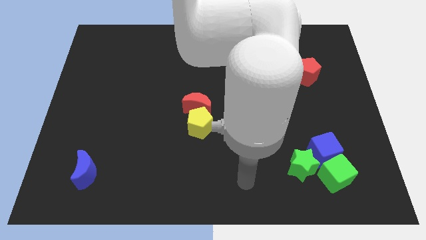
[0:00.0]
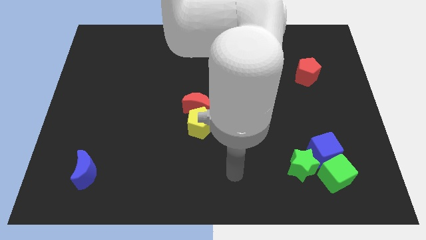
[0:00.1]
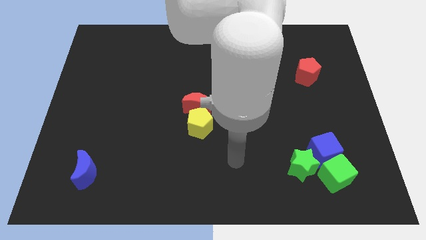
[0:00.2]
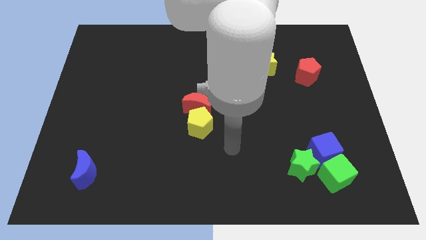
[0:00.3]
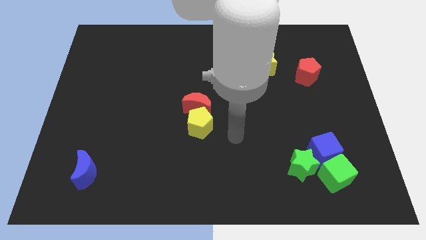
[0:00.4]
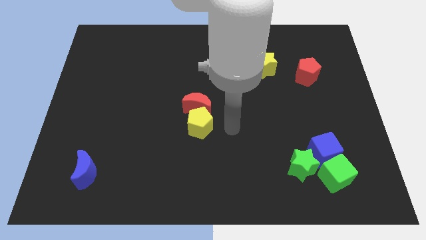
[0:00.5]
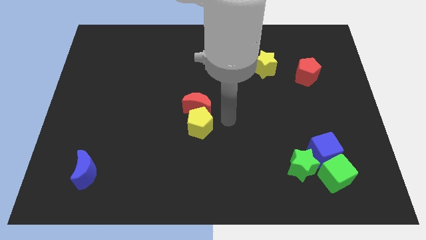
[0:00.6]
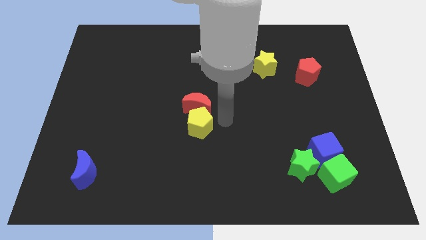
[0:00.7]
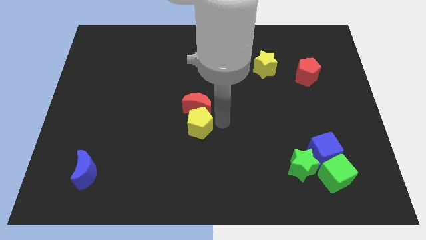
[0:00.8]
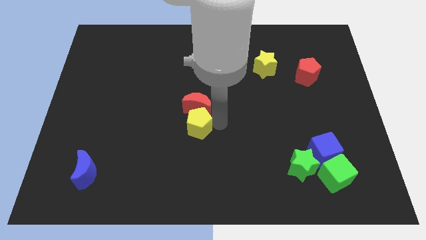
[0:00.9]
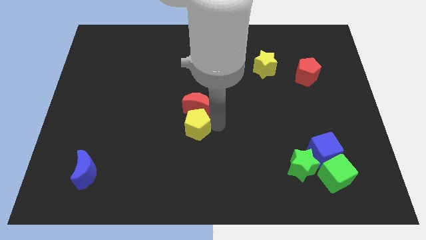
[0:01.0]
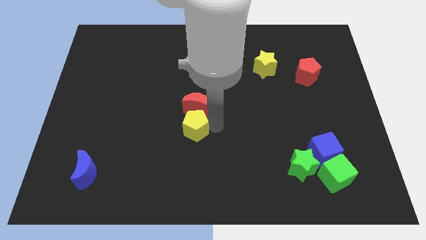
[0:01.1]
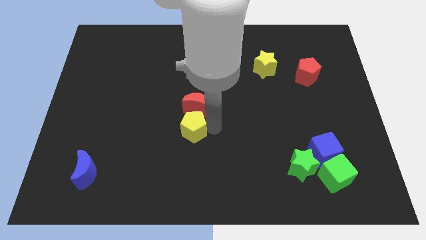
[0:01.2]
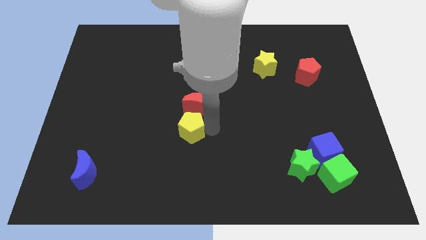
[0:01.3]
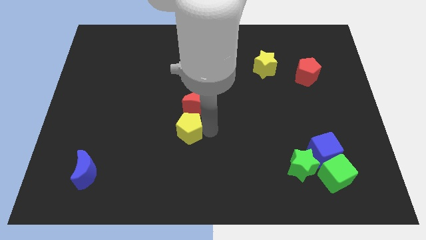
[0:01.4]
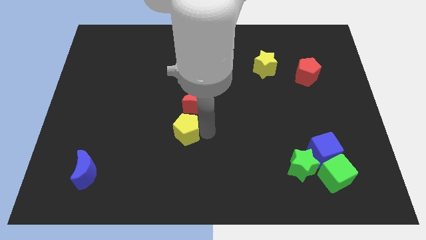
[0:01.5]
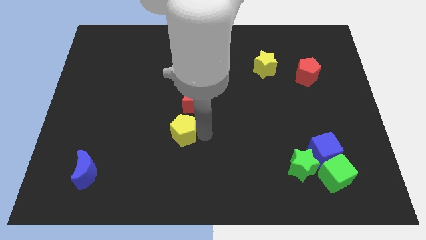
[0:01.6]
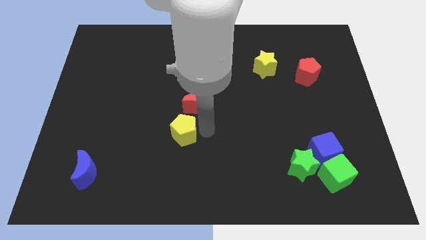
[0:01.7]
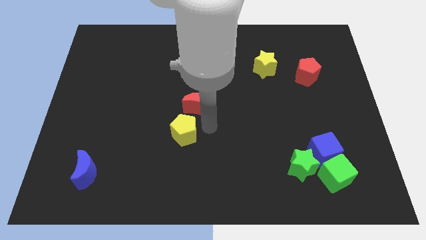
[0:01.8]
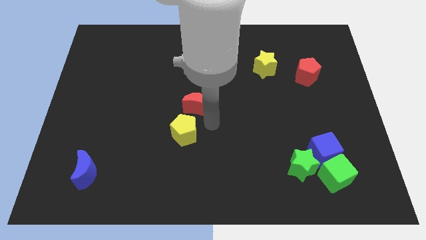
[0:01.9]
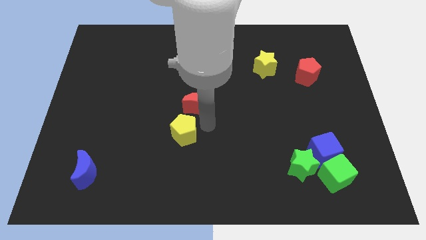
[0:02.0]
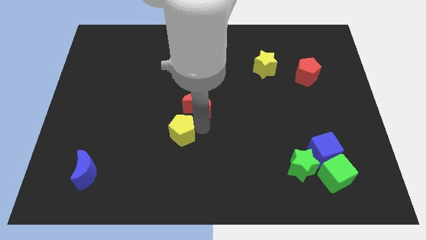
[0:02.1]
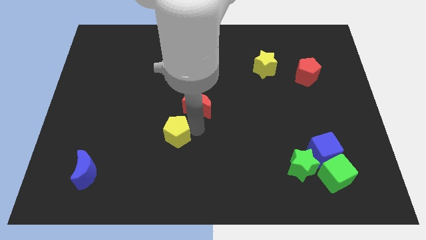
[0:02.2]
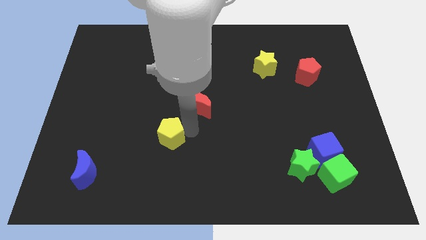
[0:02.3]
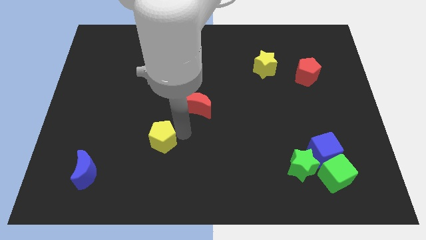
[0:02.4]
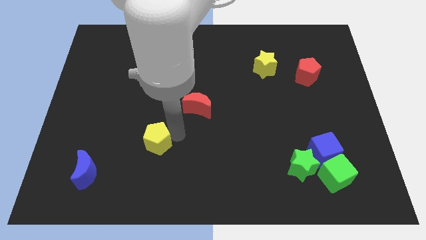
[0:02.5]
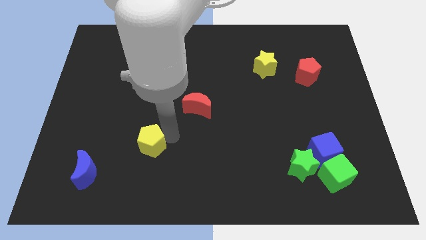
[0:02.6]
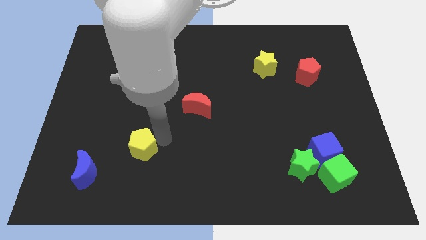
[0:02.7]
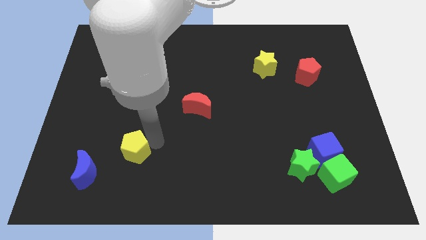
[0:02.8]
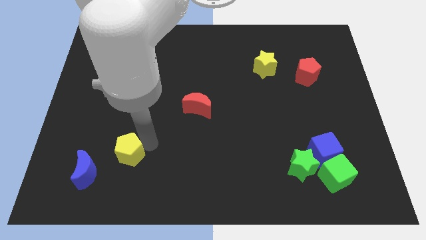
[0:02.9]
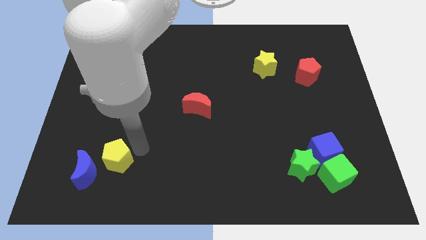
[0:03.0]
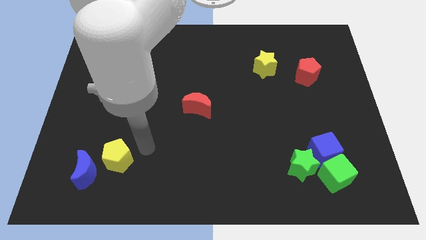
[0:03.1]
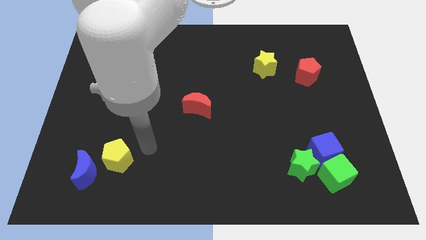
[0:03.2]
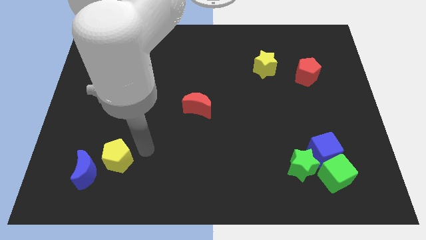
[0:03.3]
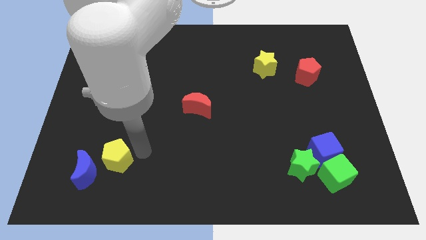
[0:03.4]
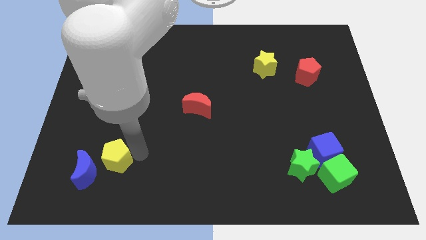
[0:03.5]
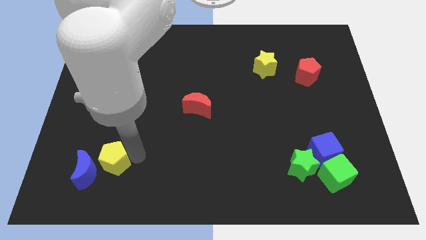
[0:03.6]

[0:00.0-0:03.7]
push the yellow pentagon next to the blue moon

+---+

AIM OF THE EXERCISE: Every line of the material above should be repeated exactly, except for the pictures.

REPLY TO THE TASK:
[0:00.0]
[0:00.1]
[0:00.2]
[0:00.3]
[0:00.4]
[0:00.5]
[0:00.6]
[0:00.7]
[0:00.8]
[0:00.9]
[0:01.0]
[0:01.1]
[0:01.2]
[0:01.3]
[0:01.4]
[0:01.5]
[0:01.6]
[0:01.7]
[0:01.8]
[0:01.9]
[0:02.0]
[0:02.1]
[0:02.2]
[0:02.3]
[0:02.4]
[0:02.5]
[0:02.6]
[0:02.7]
[0:02.8]
[0:02.9]
[0:03.0]
[0:03.1]
[0:03.2]
[0:03.3]
[0:03.4]
[0:03.5]
[0:03.6]

[0:00.0-0:03.7]
push the yellow pentagon next to the blue moon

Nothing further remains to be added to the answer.